The GE protein database 214 includes data describing sequences of proteins that are known to be used in genetic engineering. Such proteins may include proteins used for selection, reporting, protein purification, or other genetic engineering purposes. Coding sequences for the proteins included in the GE protein database 214 may be described in published literature and/or known databases as being a component of a vector and/or other modular part during genetic engineering. For example, genetic engineering proteins may include selectable markers, reporters, transcription regulators, post-translation regulators, gene editing/delivery proteins, plasmid replication proteins, protein couplers, protein folders, polymerases, and/or viral packaging/assembly proteins.

Selectable markers may include a gene-encoded function that confers a selectable trait. As an example, a selectable marker may confer resistance to a specific antibiotic. As another example, a selectable marker may be composed of a toxin gene and its cognate antitoxin. As another example, a selectable marker may require a specific metabolite for growth or death (e.g., uracil auxotroph systems that enable selection through metabolic manipulation of the cell).

Reporters may include a gene-encoded function that is used in genetic engineering to indicate target gene transformation, expression of target gene, gene-gene interaction, or activity of a promoter or other genetic element. Reporter gene activities are easily measured through optical or other means. For example, an enzymatic reporter is a type of reporter in which the encoded gene is an enzyme such as beta galactosidase. The assay readout may be optically measured or measured by other means (e.g., radiological). As another example, a direct optical reporter is a type of reporter in which the encoded gene is a luminescent or other protein that can be directly measured optically. As yet another example, an analyte sensor is a type of reporter in which the encoded gene is a sensor of a specific analyte (e.g., calmodulin).

Transcription regulators may include a gene-encoded function that enables repression or activation of gene expression through binding of DNA elements upstream of the gene. Often, regulators are contained within operons. Transcription regulators may include repressors, which are a regulator protein that binds to the operator (a genetic sequence between the promoter and the expressed genes in an operon), thereby impeding RNA polymerase and thus gene expression. Repressors are often found in genetic engineering in combination with reporter genes or genes of interest to control gene expression. As another example, transcription regulators may include activators, which are a regulator protein that increases gene transcription, typically by binding to DNA elements upstream of a gene.

Post-translational regulators may include proteins that regulate the abundance of a target protein through promoting or avoiding degradation (e.g., ClpXP system or Ubiquitin).

Gene editing/delivery proteins may include a gene-encoded function that enables specific gene manipulation such as nucleases/recombinase or aiding in delivery of genetic material to different cell compartments (e.g., CRISPR, TALENS, Exonucleases, Cre recombinase, histone H2B). Often, such elements are encoded in vectors.

Plasmid replication proteins may include specific proteins involved in DNA replication origin or replication in plasmids. Such proteins can be encoded in broad host range plasmids (i.e., host-independent).

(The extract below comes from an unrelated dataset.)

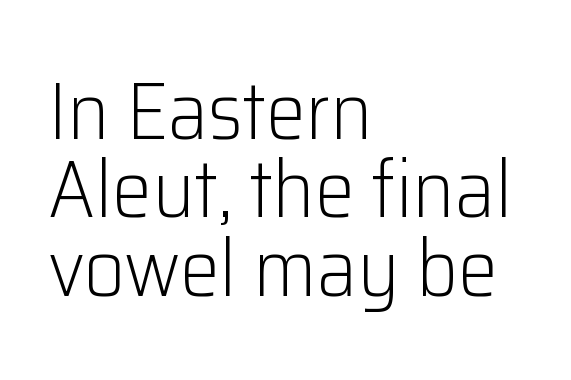
{"serif": "no", "italic": "no", "bold": "no", "weight": "light", "width": "normal", "stroke_contrast": "low", "x_height": "medium", "monospaced": "no", "underline": "no", "align": "left", "line_spacing": "tight", "line_spacing_ratio": 0.98, "letter_spacing": "normal", "letter_spacing_em": 0.0, "glyph_px": 80}

Protein couplers may include a specific function that leverages specific protein-protein or protein-ligand affinity interaction. Often, such elements are found in vectors coupled to proteins of interest to increase solubility or aid in purification, detection (e.g., streptavidin, maltose binding protein), display (e.g., coat protein for phage display), or are recombinantly produced for affinity resins (e.g., Protein A).

A protein folder may include a protein function used during protein expression to aid in folding the target protein correctly. A polymerase may include a specific polymerase such as T7 polymerase used in genetic engineering for protein production that may be found in vectors or other mobile genetic elements. Viral packaging/assembly proteins may include proteins used in the packaging of viruses to enable replication with a host for GE purposes such as creating stable cell lines (e.g., proteins that aid in packaging of human immunodeficiency virus in stable cell lines).

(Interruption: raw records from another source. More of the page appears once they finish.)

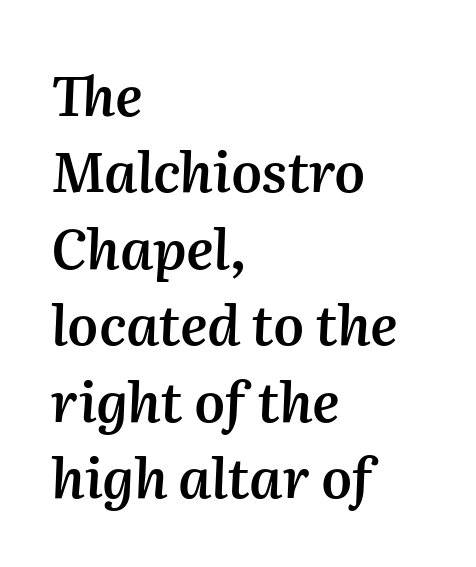
The image shows 55 px semibold type, italic (leaning right); set left-aligned, normal line spacing (1.39x), normal letter spacing, not underlined; medium stroke contrast and a medium x-height.
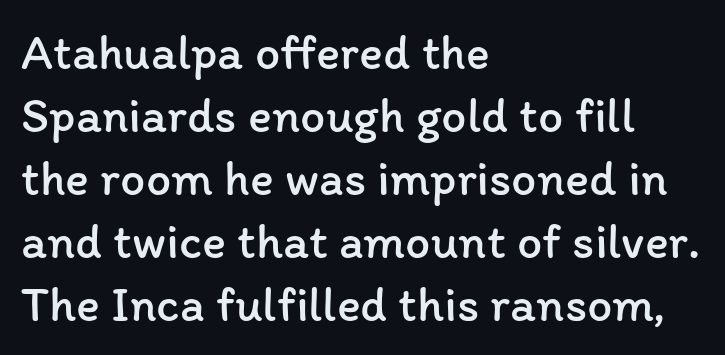
Vertical stems look standard width or narrower in stroke. Reading down the column, the eye jumps a familiar distance to each next line. These lines keep a tight, regular rhythm from letter to letter. Compared with a centered layout, this one pins lines to the left instead. Posture: vertical. Spacing verdict: proportional, widths tailored to each character.
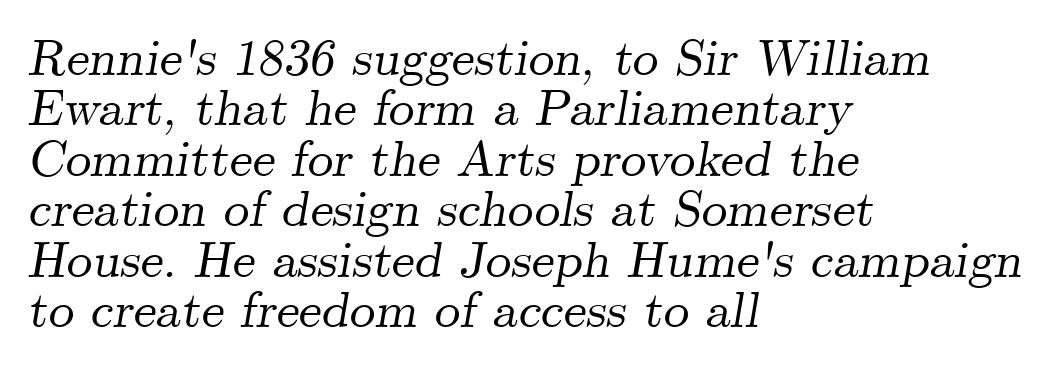
The image shows 51 px serif type, italic (leaning right); set left-aligned, tight line spacing (0.99x), normal letter spacing, not underlined; medium stroke contrast and a small x-height.

Still referring to FIG. 3, in block 310, the computing device 102 compares each alignment result to a user-specified threshold. As described above, the alignment results may include a score or other quantitative measure of similarity between the query sequence and one or more sequences within the GE protein database 214. The user-specified threshold may specify a minimum score above which the query sequence is considered to match a sequence in the GE protein database 214. Of course, in other embodiments, the user-specified threshold may have a different predetermined relationship to the alignment results, for example a maximum score when lower scores indicate greater similarity. The user-specified threshold may be provided by the user when submitting the query sequence or may be configured ahead of time, for example in predetermined configuration settings. In block 312, the computing device 102 determines whether an alignment result is above the threshold or otherwise has the predetermined relationship to the threshold. If not, the method 300 skips ahead to block 316. If the alignment result is above the threshold, the method 300 advances to block 314.

In block 314, the computing device 102 identifies a genetic engineering protein in the query sequence. The computing device 102 may, for example, set a flag or otherwise indicate the presence of genetic engineering. As another example, the computing device 102 may record or otherwise indicate the particular genetic engineering protein from the GE protein database 214 that was identified in the query signature. As described further below, the indication of genetic engineering protein may be combined with one or more other indications of genetic engineering that may be present in the query sequence. After identifying the genetic engineering protein, the method 300 advances to block 316.

In block 316, the computing device 102 determines an alignment of one or more query sequences against the GE organism database 216. Determining the alignment identifies sequences within the GE organism database 216 that are similar to the query sequence. Additionally, as described above, when determining the alignment, the computing device 102 may determine a score, a similarly value, a confidence value, or another quantitative measure of similarity between the query sequence and one or more sequences within the GE organism database 216. The computing device 102 may use any local alignment, global alignment, or other genetic sequence alignment algorithm to align the query sequences against the GE organism database 216.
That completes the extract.